Collected data:
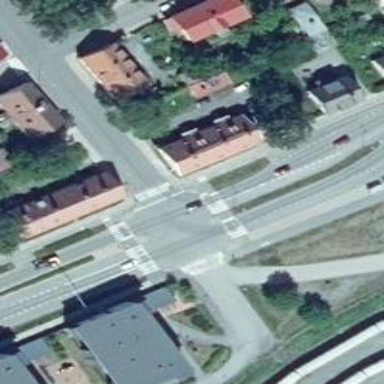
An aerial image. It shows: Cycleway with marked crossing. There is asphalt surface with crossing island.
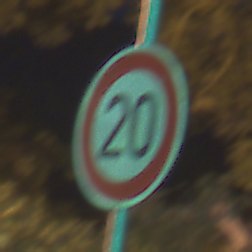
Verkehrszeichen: Geschwindigkeit20
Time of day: Night
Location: Outdoor (Urban)
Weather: PartlyCloudy
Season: NotSpecified
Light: Artificial
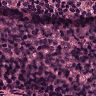
Metastatic tissue present: no
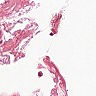
Metastatic tissue present: no
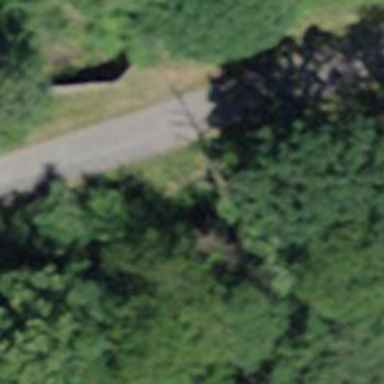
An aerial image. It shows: Culvert tunnel.
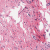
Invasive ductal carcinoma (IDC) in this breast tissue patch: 0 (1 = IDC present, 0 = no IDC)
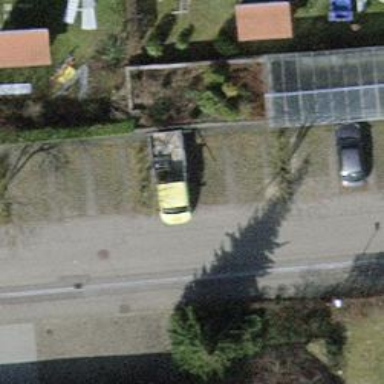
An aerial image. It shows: Street-side parking area.

### PROBLEM
The answer must be an exact copy of the lines from the one containing "Verkehrszeichen: Geschwindigkeit20" through the last line of the records, and nothing else. Pictures do not belong in it.

### SOLVED EXERCISE
Verkehrszeichen: Geschwindigkeit20
Time of day: Night
Location: Outdoor (Urban)
Weather: PartlyCloudy
Season: NotSpecified
Light: Artificial
Metastatic tissue present: no
Metastatic tissue present: no
An aerial image. It shows: Culvert tunnel.
Invasive ductal carcinoma (IDC) in this breast tissue patch: 0 (1 = IDC present, 0 = no IDC)
An aerial image. It shows: Street-side parking area.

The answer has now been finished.